Set before our dozen seats were the ubiquitous folders and blank name badges. The first page in the folder was a scrambled set of encouraging aphorisms titled, “101 Stress Relievers.” The page was blanketed with these hundred sayings spewed about in dozens of fonts and sizes, some reading across and others up and down. The workshop leader had been told the inanity of the layout was stress producing.

“Talk to yourself,” extolled one piece of advice further suggesting two phrases, “I can do a great job.” and “I can stay calm under pressure.” Another prodded, “Write down your fears. Write down your dreams. Write your congressman.”

And that was that for the stress management portion of the day. It seemed sufficient. Short of passing out Valium, how much stress reduction is actually going to be accomplished in six hours minus one hour for lunch and two fifteen minute breaks?

The rest of the time was spent shaping us into attractive new hires. We needed different things. All we had in common was that we’d worked on-the-books (meaning we’d paid into our unemployment insurance funds) and had job histories. No small feat as it turns out.

Nine of us were young – I’m saying nobody closing in on 40 any time soon. Three of the young men – one black, two white – were laid off from the construction industry. Six more young people – two white women, two black men and one white man – came from the service sector from jobs in food service, educational services, retail and automobile repair. And three older workers (let’s say 45- to 60 years old) consisted of a white man out of work after two decades in menial non-union retail labor and two white women – one with top notch administrative and para-medic skills and me, refugee from a dinosaur industry.

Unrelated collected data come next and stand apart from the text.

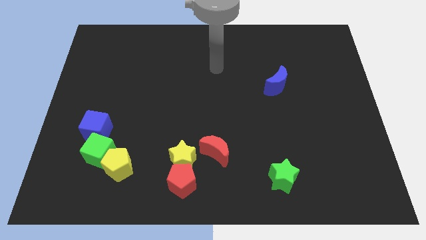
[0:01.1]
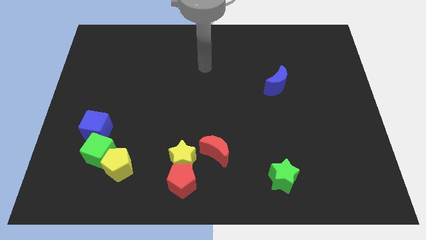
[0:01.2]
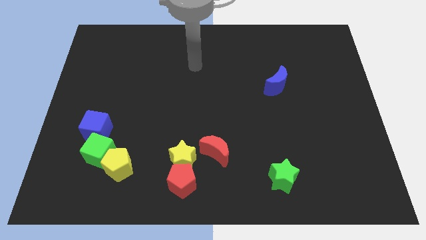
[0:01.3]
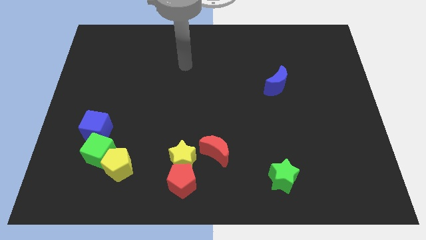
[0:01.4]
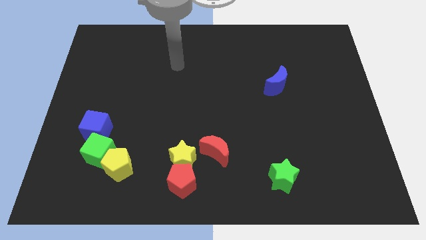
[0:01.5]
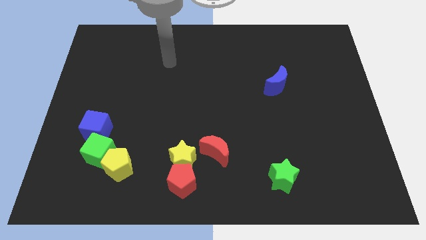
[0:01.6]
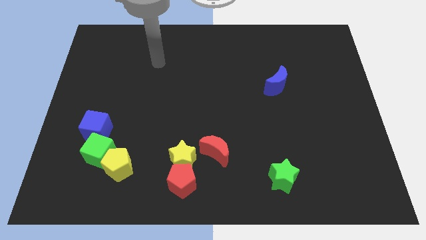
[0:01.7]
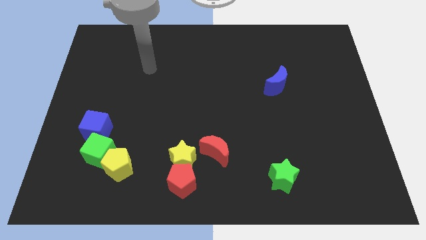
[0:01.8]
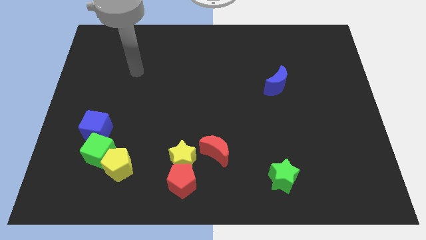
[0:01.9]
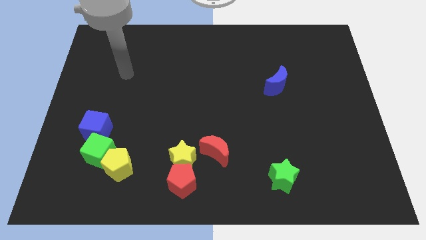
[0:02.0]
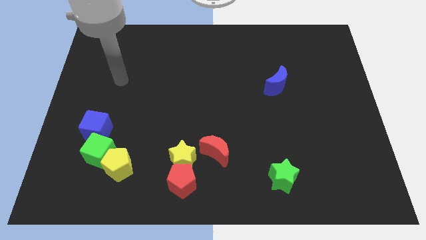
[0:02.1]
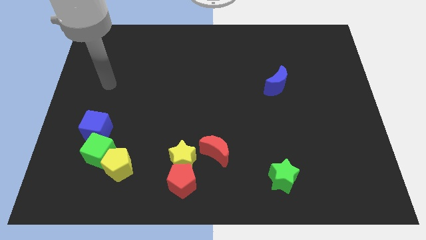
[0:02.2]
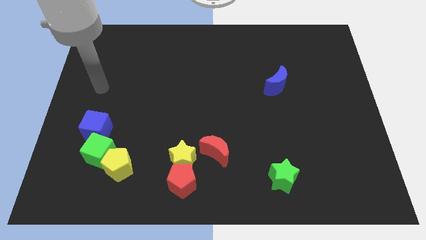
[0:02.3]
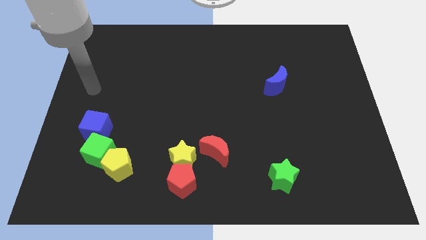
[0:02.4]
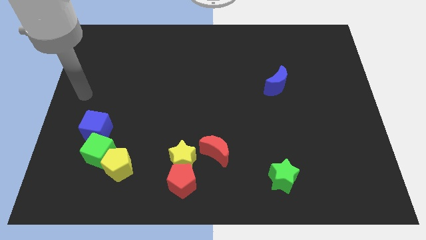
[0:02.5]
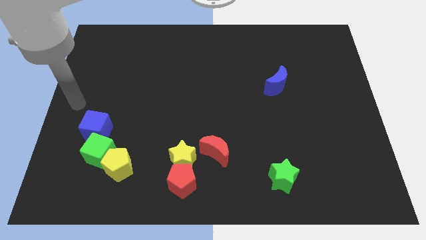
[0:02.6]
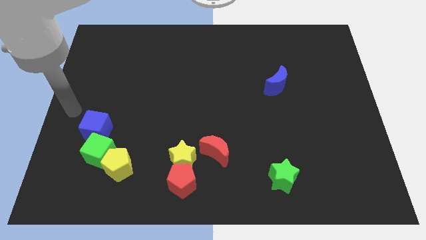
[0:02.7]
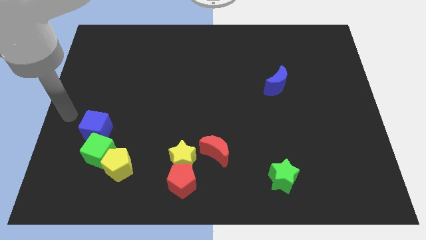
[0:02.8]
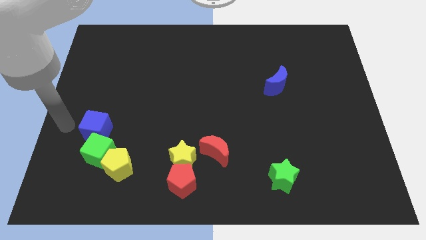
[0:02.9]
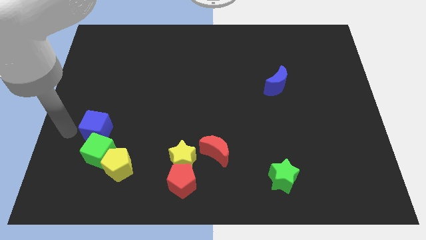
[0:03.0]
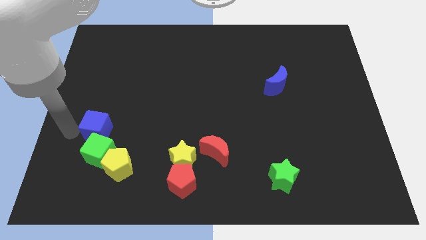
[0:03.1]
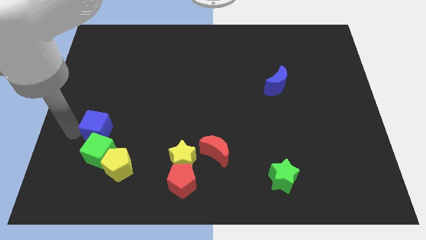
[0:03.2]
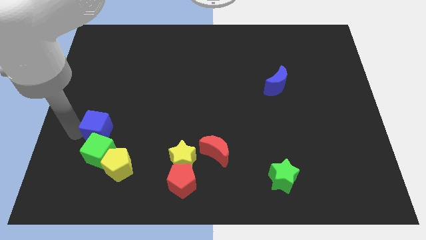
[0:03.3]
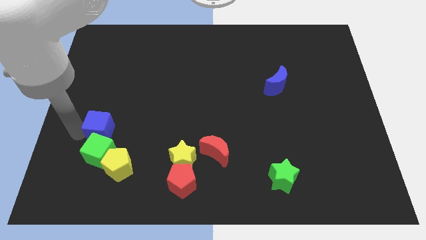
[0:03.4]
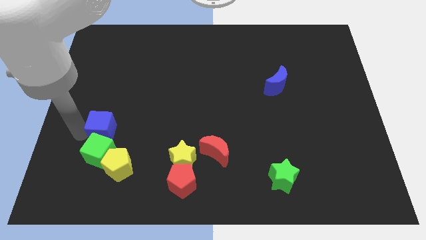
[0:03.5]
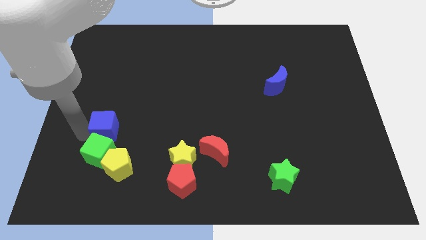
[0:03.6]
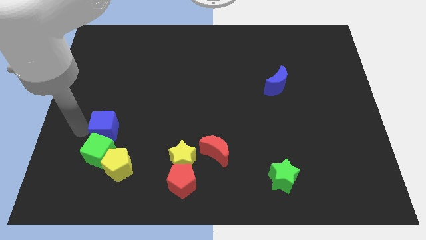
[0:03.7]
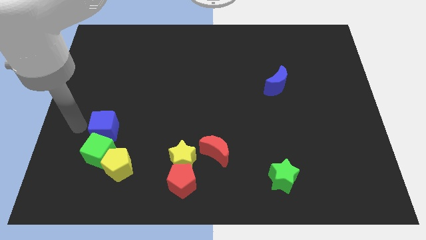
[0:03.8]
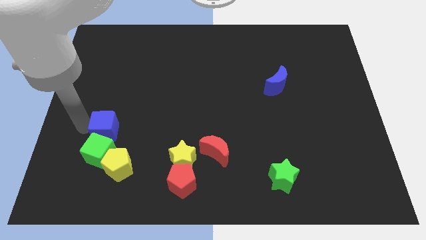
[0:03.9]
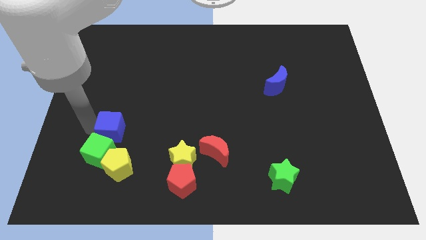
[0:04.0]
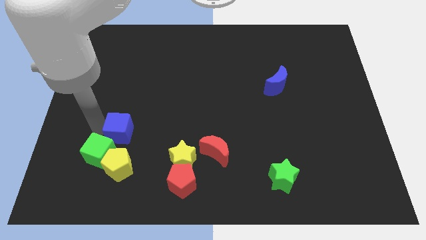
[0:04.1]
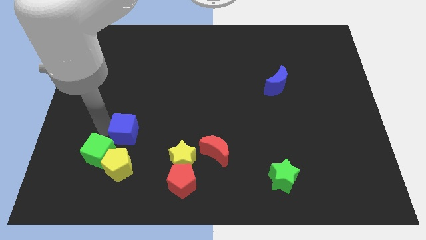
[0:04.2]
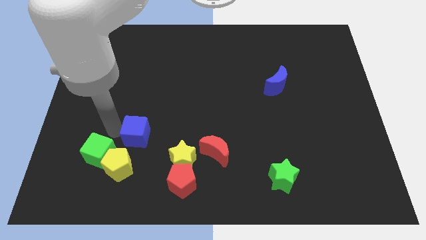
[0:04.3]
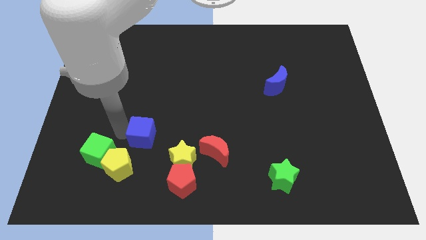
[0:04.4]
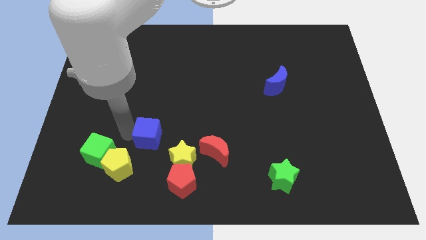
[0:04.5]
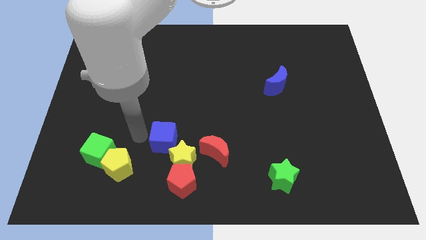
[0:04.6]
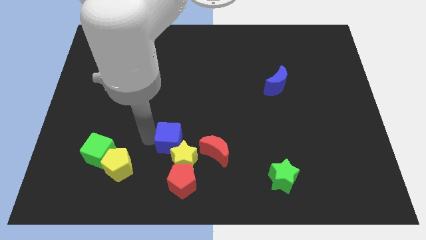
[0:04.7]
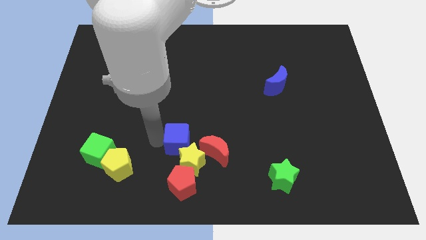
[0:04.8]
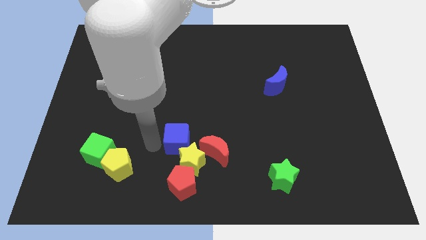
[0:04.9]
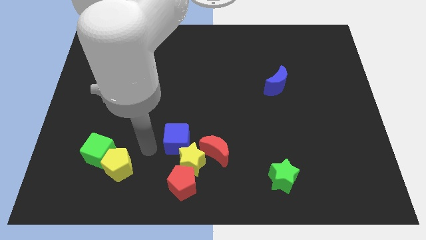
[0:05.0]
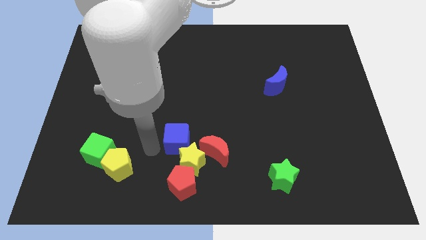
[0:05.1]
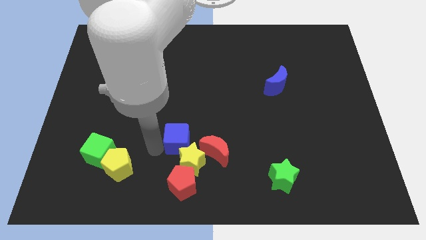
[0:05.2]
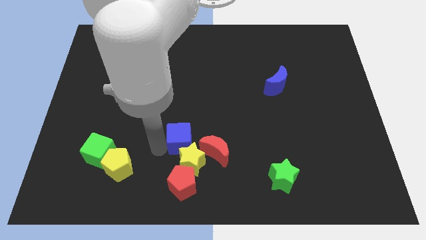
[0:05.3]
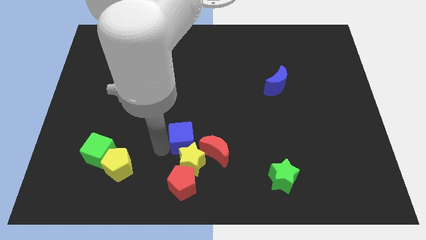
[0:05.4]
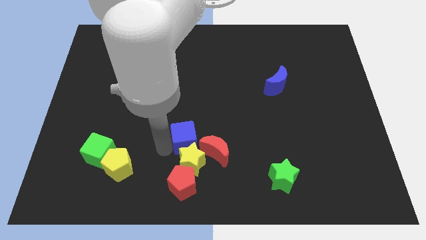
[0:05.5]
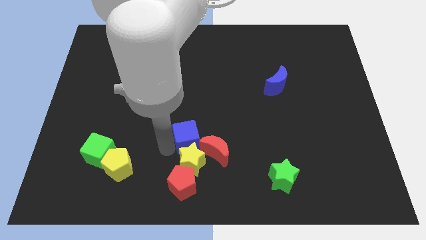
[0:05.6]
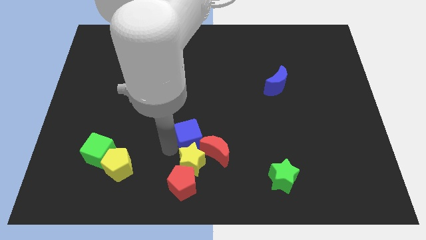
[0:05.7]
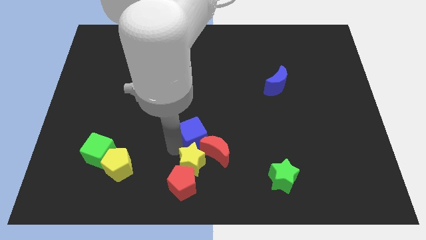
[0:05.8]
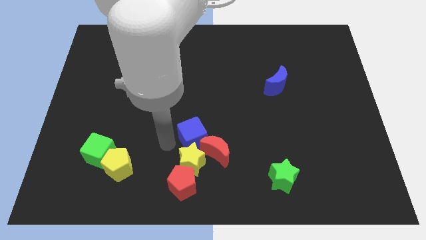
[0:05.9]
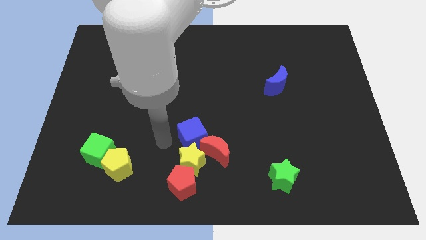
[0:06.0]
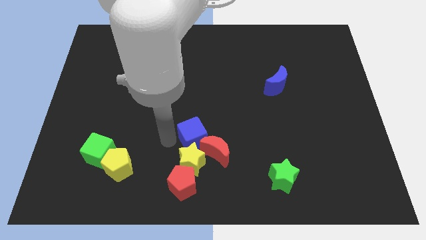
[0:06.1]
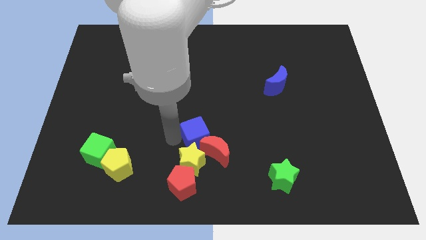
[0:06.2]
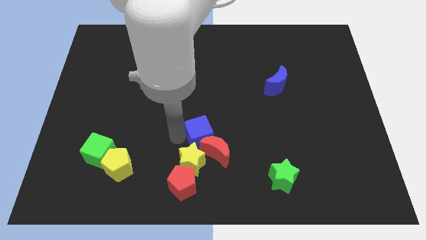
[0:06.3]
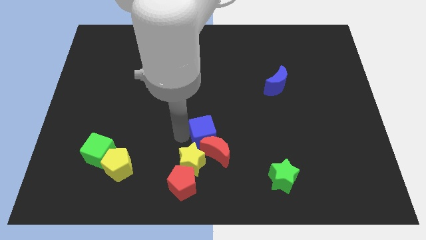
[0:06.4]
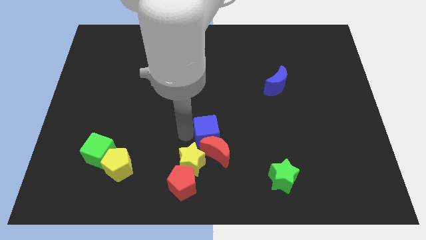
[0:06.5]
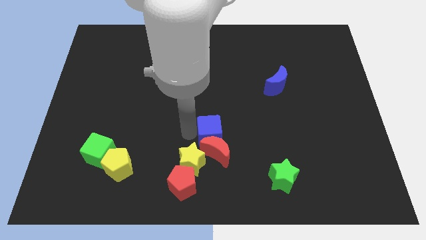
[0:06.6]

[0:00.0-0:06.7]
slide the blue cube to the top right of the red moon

The workshop leader was among us oldsters and was spot-on with her assessments of each of us. She rallied with the spirit of a wise if slightly tired scout mother. But it's got to be a tough job, trying to arm a disparate people with the tools to battle increasingly bad odds. There's the economy, of course. But that allows for everything else to escalate, she tells us. And she has touched at a piece of each of us by now, so we believe her. Discrimination is alive and well, prepare for it, she says. There are hundreds and in many cases thousands of applicants for a single job, be the best candidate and know someone on the inside. You will take an income cut, the older you are, the bigger the cut.

And that specific information that gets through, it is just damn terrifying, such as: Cut 25 years off your resume.

That's a quarter-century.

But she gave good workshop. Here's some of  my specialized good news: Desktop Publishing is one of the projected “future careers.”  Old white women are, as always, encouraged to return to school to update their skills or open a small business.

I think I see a future career in this interplay. All I need now is to get one of my daughters to pose for my honed, on-line resume photo.